Cirque of course has no animals, except for the dog. This creature, along with the clowns, king, trickster,thief and cops were the pantomime and comic acts between the acrobatics and the thread of the story. If you were in the front aisles or the side seats there was a certain amount of audience involvement, which I won’t give away but it sometimes involved a volunteer being taken onto the stage. The larger troupe also shot colorful ticker tape/confetti from canons into the audience which added to the circus atmosphere. The clowns were very good and silly but I didn’t care for the magician/thief much. I guess he was too smarmy for my tastes and his magic was okay but somewhat obvious.
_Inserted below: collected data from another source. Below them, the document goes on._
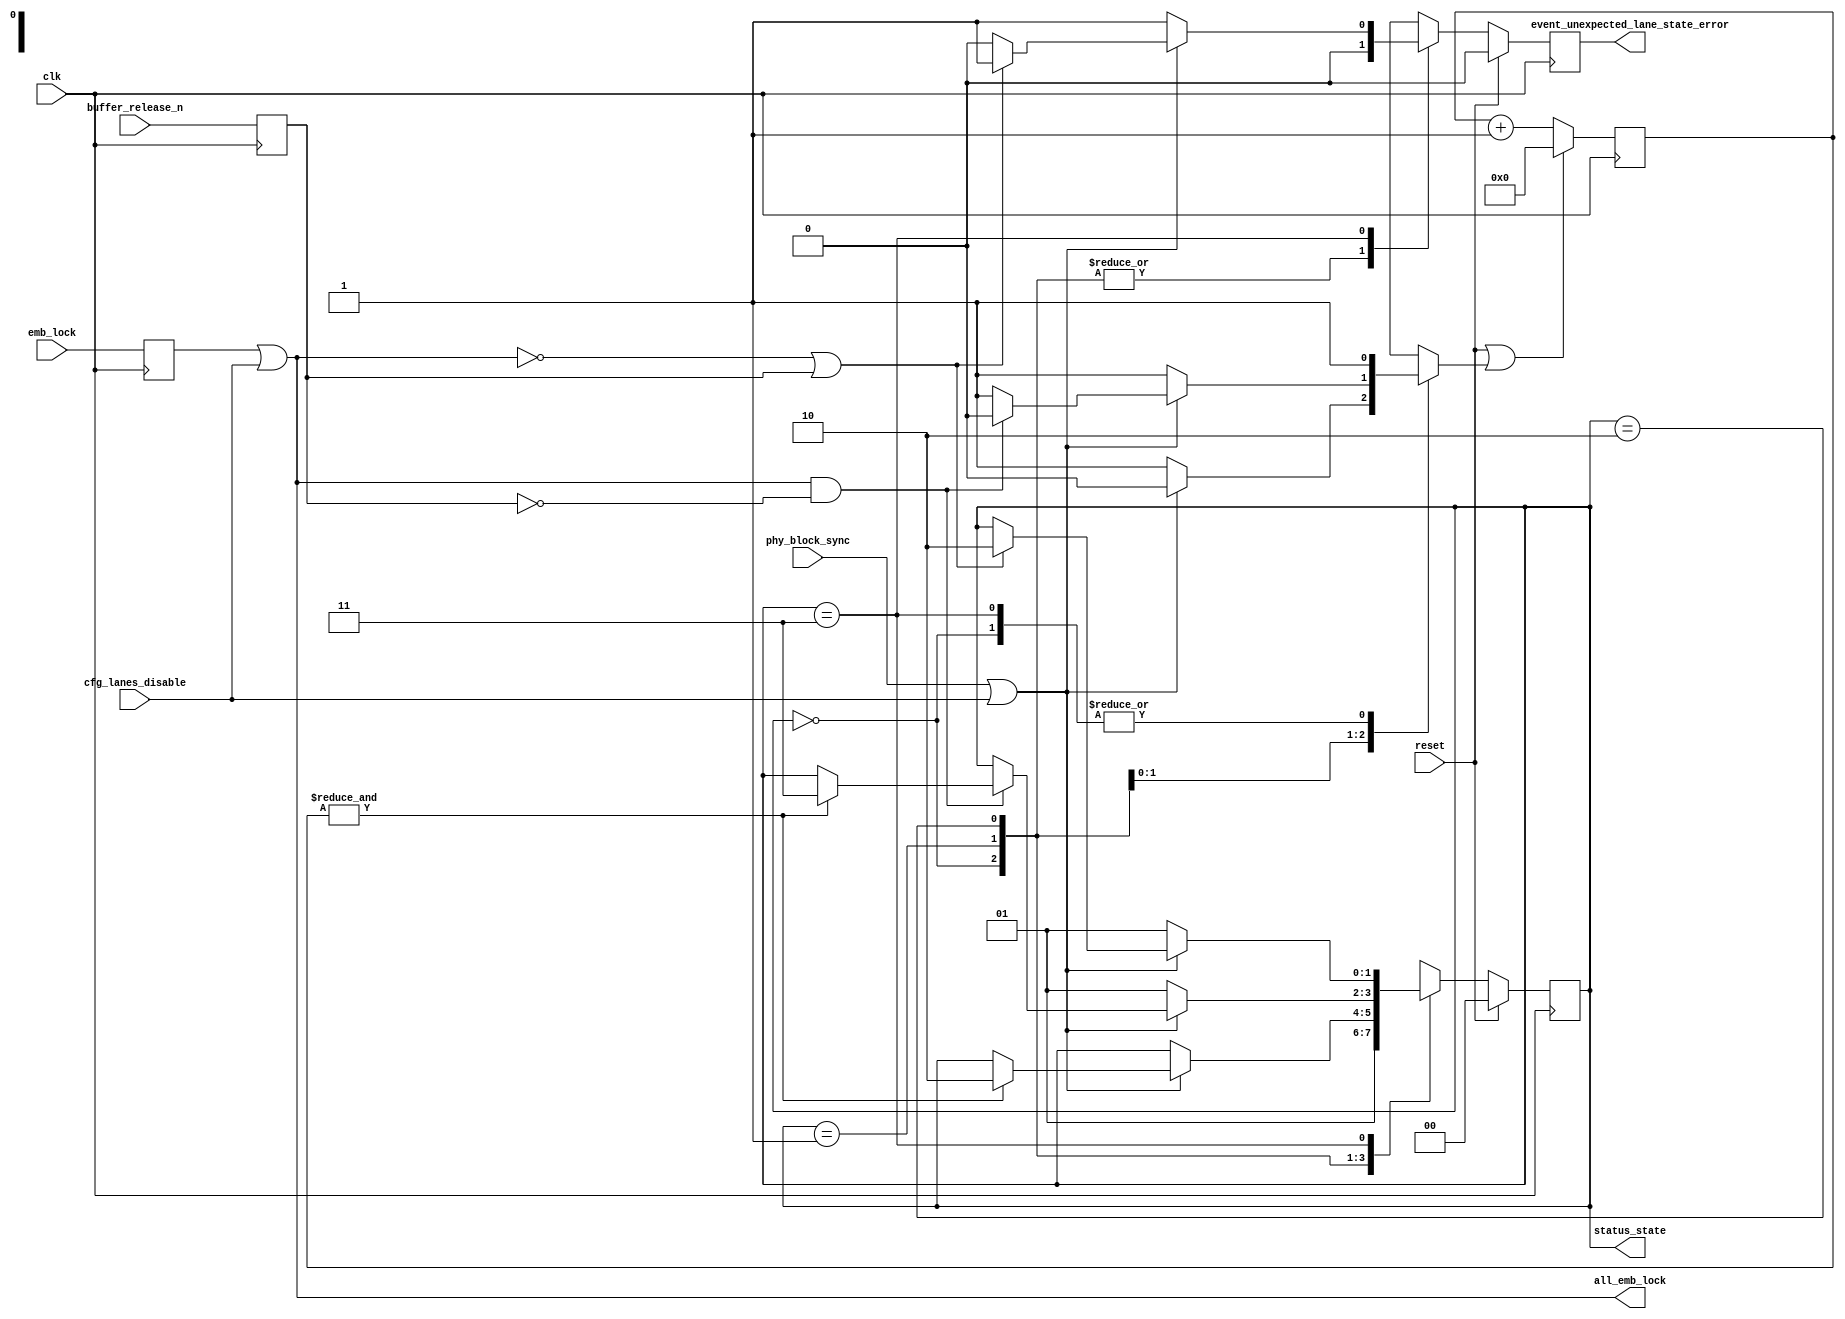
// ***************************************************************************
// ***************************************************************************
// Copyright (C) 2017, 2018, 2020-2022 Analog Devices, Inc. All rights reserved.
// SPDX short identifier: ADIJESD204
// ***************************************************************************
// ***************************************************************************

`timescale 1ns/100ps

module jesd204_rx_ctrl_64b #(
  parameter NUM_LANES = 1
) (
  input clk,
  input reset,

  input [NUM_LANES-1:0] cfg_lanes_disable,

  input [NUM_LANES-1:0] phy_block_sync,

  input [NUM_LANES-1:0] emb_lock,

  output all_emb_lock,
  input buffer_release_n,

  output [1:0] status_state,
  output reg event_unexpected_lane_state_error
);

  localparam STATE_RESET = 2'b00;
  localparam STATE_WAIT_BS = 2'b01;
  localparam STATE_BLOCK_SYNC = 2'b10;
  localparam STATE_DATA = 2'b11;

  reg [1:0] state = STATE_RESET;
  reg [1:0] next_state;
  reg [5:0] good_cnt;
  reg rst_good_cnt;
  reg event_unexpected_lane_state_error_nx;

  wire [NUM_LANES-1:0] phy_block_sync_masked;
  wire [NUM_LANES-1:0] emb_lock_masked;
  wire all_block_sync;

  reg [NUM_LANES-1:0] emb_lock_d = {NUM_LANES{1'b0}};
  reg buffer_release_d_n = 1'b1;

  always @(posedge clk) begin
    emb_lock_d <= emb_lock;
    buffer_release_d_n <= buffer_release_n;
  end

  assign phy_block_sync_masked = phy_block_sync | cfg_lanes_disable;
  assign emb_lock_masked = emb_lock_d | cfg_lanes_disable;

  assign all_block_sync = &phy_block_sync_masked;
  assign all_emb_lock = &emb_lock_masked;

  always @(*) begin
    next_state = state;
    rst_good_cnt = 1'b1;
    event_unexpected_lane_state_error_nx = 1'b0;
    case (state)
      STATE_RESET:
        next_state = STATE_WAIT_BS;
      STATE_WAIT_BS:
        if (all_block_sync) begin
          rst_good_cnt = 1'b0;
          if (&good_cnt) begin
            next_state = STATE_BLOCK_SYNC;
          end
        end
      STATE_BLOCK_SYNC:
        if (~all_block_sync) begin
          next_state = STATE_WAIT_BS;
        end else if (all_emb_lock & ~buffer_release_d_n) begin
          rst_good_cnt = 1'b0;
          if (&good_cnt) begin
            next_state = STATE_DATA;
          end
        end
      STATE_DATA:
        if (~all_block_sync) begin
          next_state = STATE_WAIT_BS;
          event_unexpected_lane_state_error_nx = 1'b1;
        end else if (~all_emb_lock | buffer_release_d_n) begin
          next_state = STATE_BLOCK_SYNC;
          event_unexpected_lane_state_error_nx = 1'b1;
        end
    endcase
  end

  // Wait n consecutive valid cycles before jumping into next state
  always @(posedge clk) begin
    if (reset || rst_good_cnt) begin
      good_cnt <= 'h0;
    end else begin
      good_cnt <= good_cnt + 1;
    end
  end

  always @(posedge clk) begin
    if (reset == 1'b1) begin
      state <= STATE_RESET;
    end else begin
      state <= next_state;
    end
  end

  always @(posedge clk) begin
    if (reset == 1'b1) begin
      event_unexpected_lane_state_error <= 1'b0;
    end else begin
      event_unexpected_lane_state_error <= event_unexpected_lane_state_error_nx;
    end
  end

  assign status_state = state;

endmodule

In the second half of the performance, after a half-hour intermission, the troupe came out dressed in darker skeleton outfits (but with happy masks) and there was more of the dark carnivale feel with an imitation of Vegas showgirls sporting the big feather tails and headdresses. I presume this darker side was kept lighter because of the mix of audience ages but I thought the music could have matched the outfits and skeleton theme much better with more percussion or sticks to imitate bones. Various “skeletons” and the innocent chased each other with scythes from time to time. The quality of the dancers did seem to vary a lot but then some of the other acrobatic performers were mixed in with the regular troupe and some performers movements looked more precise and energetic compared to others.
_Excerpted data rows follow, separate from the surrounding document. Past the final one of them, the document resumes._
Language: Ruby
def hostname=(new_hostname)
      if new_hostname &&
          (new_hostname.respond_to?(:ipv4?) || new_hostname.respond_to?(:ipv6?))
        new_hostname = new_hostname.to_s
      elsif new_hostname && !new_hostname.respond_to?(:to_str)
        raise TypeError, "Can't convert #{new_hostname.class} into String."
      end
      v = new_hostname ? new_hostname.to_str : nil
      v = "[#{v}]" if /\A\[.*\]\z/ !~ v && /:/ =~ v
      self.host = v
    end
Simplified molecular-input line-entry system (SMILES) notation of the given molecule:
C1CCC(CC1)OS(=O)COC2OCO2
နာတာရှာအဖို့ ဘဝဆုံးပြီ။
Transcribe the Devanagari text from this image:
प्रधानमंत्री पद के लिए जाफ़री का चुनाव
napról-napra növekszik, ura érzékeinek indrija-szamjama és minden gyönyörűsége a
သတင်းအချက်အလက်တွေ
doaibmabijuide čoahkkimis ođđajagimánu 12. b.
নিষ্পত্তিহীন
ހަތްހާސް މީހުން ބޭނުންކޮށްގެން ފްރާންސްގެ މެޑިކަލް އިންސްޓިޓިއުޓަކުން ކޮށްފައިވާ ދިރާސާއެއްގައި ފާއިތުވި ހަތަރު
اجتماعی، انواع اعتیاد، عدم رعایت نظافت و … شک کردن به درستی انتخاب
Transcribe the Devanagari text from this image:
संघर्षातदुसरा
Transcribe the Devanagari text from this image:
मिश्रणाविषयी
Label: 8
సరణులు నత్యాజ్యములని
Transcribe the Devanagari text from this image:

Other performances included the man balancing on chairs up to 23 feet and strength and beauty of his physique was as awe-inspiring as his balance, flexibility and strength. The hoop artist took hula hoops to a new height. It was mesmerizing to watching the spinning silver hoops as she stood on one leg and juggled or spun up to seven. Spectacular. The teeterboard had acrobats doing spins and leaps in the air, including on stilts. Very well executed. And the spinning wheel of death had two daredevils dressed in scaled legs with little horns on their heads that seemed to play back to the dark skeleton parade theme of the second half. One man was in each large metal circle (think hamster wheel) attached to the other one and they began to walk, faster and faster, until they were doing leaps and drops. I thought okay, so they’re walking in a big circle but it took on a more daring edge when one daredevil leapt to the outside of the ring and proceeded to skip, leap and jump. He nearly fell once or twice, catching the rope on his heel, but considering the difficulty of trying to meet the edge of a ring spinning beneath your feet, it just showed he was human.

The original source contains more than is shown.